This topic introduces the basic concepts and types of resource groups, and how the connectivity and performance of resource groups affect data synchronization. This topic also compares different types of resource groups. You can select appropriate resource groups based on your needs.
Basic concepts
A resource group is a collection of computing resources on which batch sync nodes of Data Integration are run. Generally, a resource group refers to one or more servers that consist of CPU, memory, and network resources.

Connectivity and performance
- Connectivity
To ensure that data can be properly synchronized, a resource group must be properly connected to the source and destination data stores. Connectivity is the most important factor that affects data synchronization.

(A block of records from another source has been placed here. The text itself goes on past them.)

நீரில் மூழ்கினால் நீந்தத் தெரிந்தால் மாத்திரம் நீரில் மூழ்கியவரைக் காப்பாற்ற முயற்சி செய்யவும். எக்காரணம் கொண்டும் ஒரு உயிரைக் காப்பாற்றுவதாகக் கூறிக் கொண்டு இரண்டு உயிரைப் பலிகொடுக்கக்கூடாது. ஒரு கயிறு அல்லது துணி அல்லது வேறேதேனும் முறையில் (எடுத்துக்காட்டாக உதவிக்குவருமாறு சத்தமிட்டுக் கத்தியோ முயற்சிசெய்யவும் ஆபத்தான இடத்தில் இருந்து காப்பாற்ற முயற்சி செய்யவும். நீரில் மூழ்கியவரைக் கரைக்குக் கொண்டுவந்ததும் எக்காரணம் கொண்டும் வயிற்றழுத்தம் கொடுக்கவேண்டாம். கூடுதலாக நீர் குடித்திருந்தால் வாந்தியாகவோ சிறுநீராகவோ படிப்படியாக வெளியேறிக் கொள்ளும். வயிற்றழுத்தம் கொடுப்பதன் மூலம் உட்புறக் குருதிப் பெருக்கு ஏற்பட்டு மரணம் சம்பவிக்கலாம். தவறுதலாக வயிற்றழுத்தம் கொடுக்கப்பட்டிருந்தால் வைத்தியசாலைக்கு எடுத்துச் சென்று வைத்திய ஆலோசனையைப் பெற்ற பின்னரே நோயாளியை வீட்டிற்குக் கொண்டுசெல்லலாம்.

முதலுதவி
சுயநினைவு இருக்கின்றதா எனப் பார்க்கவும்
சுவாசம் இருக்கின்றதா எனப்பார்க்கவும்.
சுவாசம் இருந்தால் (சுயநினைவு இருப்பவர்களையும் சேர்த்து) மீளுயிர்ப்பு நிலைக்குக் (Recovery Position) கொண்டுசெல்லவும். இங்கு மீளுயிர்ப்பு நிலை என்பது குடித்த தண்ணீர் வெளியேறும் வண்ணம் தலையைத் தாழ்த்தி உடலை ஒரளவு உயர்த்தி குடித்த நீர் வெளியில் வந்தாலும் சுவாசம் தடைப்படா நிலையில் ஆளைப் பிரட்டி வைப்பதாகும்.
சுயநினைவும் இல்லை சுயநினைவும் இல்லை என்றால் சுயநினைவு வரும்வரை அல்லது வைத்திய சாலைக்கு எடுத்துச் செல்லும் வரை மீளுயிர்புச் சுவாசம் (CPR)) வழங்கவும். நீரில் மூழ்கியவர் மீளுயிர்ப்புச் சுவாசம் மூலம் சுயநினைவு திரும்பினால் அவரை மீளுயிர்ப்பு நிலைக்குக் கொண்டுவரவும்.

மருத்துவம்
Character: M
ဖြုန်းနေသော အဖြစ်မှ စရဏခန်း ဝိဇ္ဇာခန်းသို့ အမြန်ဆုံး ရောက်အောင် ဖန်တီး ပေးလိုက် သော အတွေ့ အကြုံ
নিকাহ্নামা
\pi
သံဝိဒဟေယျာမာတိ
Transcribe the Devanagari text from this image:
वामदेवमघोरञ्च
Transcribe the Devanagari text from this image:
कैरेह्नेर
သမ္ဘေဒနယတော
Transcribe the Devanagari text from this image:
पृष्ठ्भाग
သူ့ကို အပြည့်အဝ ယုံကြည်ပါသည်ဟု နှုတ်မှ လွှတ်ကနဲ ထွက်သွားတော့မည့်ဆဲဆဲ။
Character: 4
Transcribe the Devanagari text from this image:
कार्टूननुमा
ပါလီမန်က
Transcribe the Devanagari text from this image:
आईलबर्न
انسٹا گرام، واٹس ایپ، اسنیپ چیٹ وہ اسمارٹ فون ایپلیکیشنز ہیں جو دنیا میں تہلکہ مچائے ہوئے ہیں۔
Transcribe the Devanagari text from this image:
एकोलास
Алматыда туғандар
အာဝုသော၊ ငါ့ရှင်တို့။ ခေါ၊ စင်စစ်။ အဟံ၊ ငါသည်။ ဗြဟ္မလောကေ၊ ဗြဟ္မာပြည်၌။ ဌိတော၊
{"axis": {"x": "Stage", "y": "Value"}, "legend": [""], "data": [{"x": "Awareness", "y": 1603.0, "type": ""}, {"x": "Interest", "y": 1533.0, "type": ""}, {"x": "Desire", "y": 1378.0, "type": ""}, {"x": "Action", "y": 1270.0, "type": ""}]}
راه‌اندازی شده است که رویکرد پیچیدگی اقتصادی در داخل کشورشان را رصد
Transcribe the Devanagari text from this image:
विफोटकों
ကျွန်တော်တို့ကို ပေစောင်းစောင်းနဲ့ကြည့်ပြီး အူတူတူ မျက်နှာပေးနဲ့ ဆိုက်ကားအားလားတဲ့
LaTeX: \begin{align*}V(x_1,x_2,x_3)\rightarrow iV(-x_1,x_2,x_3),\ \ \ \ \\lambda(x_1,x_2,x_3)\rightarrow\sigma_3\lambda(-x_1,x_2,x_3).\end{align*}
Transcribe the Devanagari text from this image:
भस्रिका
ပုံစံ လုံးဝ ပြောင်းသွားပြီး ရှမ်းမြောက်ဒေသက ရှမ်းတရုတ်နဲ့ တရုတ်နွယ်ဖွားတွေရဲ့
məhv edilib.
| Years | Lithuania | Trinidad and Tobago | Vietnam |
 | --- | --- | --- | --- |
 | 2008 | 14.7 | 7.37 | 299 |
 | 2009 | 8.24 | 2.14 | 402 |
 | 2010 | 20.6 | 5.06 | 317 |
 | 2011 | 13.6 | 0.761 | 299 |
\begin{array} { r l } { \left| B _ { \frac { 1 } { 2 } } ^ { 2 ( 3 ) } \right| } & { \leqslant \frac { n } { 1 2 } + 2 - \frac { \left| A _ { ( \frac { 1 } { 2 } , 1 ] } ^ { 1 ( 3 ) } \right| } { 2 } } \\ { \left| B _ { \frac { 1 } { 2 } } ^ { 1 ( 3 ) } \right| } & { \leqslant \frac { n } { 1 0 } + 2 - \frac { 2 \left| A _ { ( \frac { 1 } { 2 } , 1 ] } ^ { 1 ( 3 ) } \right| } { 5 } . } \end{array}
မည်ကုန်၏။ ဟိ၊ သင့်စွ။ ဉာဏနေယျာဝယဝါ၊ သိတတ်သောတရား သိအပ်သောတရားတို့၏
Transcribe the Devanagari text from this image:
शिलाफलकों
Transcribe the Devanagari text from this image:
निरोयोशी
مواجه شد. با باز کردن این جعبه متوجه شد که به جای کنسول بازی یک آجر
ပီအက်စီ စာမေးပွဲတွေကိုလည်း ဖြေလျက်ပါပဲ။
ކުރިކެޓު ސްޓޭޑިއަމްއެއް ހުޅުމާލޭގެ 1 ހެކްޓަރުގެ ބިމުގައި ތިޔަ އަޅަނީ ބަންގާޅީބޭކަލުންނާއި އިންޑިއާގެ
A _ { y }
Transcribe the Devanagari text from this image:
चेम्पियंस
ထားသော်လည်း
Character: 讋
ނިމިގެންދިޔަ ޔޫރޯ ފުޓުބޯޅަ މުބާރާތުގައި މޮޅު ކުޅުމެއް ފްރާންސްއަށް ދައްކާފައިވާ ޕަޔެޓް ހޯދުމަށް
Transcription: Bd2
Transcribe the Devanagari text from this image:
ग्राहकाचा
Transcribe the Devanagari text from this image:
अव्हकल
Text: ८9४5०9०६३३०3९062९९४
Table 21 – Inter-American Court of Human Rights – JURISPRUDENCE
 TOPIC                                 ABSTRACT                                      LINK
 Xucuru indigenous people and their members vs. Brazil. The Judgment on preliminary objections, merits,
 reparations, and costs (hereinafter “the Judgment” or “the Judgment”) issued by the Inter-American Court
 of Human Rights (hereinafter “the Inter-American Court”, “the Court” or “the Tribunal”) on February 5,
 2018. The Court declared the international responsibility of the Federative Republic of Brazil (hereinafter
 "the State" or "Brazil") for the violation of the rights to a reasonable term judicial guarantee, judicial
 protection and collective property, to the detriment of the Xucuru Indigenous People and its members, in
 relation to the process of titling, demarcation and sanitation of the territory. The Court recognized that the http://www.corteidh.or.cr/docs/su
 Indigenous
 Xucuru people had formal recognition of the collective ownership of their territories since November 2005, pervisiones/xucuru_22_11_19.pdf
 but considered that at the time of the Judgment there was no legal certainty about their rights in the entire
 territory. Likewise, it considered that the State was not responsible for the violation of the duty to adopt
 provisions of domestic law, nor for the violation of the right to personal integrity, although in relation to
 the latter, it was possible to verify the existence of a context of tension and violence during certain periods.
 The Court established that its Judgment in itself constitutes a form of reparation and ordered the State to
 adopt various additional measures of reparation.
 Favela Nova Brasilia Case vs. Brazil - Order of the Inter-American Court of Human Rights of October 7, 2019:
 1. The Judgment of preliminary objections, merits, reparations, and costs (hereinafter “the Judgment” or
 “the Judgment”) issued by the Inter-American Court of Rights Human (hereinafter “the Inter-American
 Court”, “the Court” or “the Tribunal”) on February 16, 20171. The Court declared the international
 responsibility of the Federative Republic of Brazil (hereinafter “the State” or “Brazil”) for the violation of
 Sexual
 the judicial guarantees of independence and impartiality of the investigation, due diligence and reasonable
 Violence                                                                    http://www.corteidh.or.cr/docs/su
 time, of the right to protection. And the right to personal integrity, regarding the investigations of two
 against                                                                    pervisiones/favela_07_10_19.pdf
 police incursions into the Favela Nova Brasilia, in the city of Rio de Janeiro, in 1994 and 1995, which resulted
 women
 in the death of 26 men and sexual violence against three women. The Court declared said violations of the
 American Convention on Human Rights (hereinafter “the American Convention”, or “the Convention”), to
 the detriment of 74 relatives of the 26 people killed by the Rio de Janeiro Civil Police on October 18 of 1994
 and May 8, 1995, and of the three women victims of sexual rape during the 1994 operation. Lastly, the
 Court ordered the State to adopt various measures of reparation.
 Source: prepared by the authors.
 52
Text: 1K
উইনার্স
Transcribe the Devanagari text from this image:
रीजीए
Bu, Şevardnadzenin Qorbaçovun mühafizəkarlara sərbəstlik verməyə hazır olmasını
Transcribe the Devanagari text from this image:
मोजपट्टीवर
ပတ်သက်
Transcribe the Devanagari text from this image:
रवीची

Data Integration cannot build networks. Before you use Data Integration to synchronize data, you must make sure that the resource group is properly connected to the data stores. If the resource group is disconnected from the data stores, batch sync nodes cannot be run.
- Performance
Batch sync nodes consume the CPU, memory, and network resources on the servers where the nodes are run. Insufficient resources may lead to various issues. For example, the nodes fail to start, wait for resources for a prolonged period after startup, transmit data at a low rate, or fail to generate results as scheduled.
To ensure the smooth running of batch sync nodes, you must allocate adequate resources for them. We recommend that you use exclusive resource groups to run batch sync nodes so that the nodes do not need to compete for resources in the public resource pool.
Types and comparison of resource groups
Type | Shared resource group | Exclusive resource group | Custom resource group |
---|---|---|---|
Ownership of resources | The resources are maintained by DataWorks and shared among all tenants. | The resources are maintained by DataWorks and exclusively used by the tenant that purchases the exclusive resources. | The resources are maintained by yourself and reside in your Internet data center (IDC). |
Network | Supports Alibaba Cloud databases on any type of network and databases that are not provided by Alibaba Cloud and are deployed on classic networks or the Internet. | Supports Alibaba Cloud databases on any type of network and databases that are not provided by Alibaba Cloud and are deployed on virtual private clouds (VPCs) or the Internet. | Supports Alibaba Cloud databases on any type of network and databases that are not provided by Alibaba Cloud and are deployed on VPCs or the Internet. |
Billing method | Tiered pricing based on the number of node instances | Subscription based on the server specifications | Monthly billing in pay-as-you-go mode based on the DataWorks edition |
Supported data stores | Specific data stores | All data stores | All data stores |
Security | High | High | Depending on the environment where your server resides |
Node running efficiency
Node running efficiency refers to whether nodes can be allocated sufficient computing resources to deliver the optimal performance. |
Low | High | Depending on the environment where your server resides |
Reliability
Reliability refers to whether nodes can be started and generate results as scheduled in the case that network resources are occupied by other tenants. |
Low | High | Depending on the environment where your server resides |
Scenario | Suitable for a small number of non-important, non-urgent, or testing nodes | Suitable for a large number of important production nodes | Suitable for the following scenarios:
|
Recommendation index | ★★ | ★★★★★ | ★ |
Based on the preceding table, we recommend that you use exclusive resource groups to run batch sync nodes.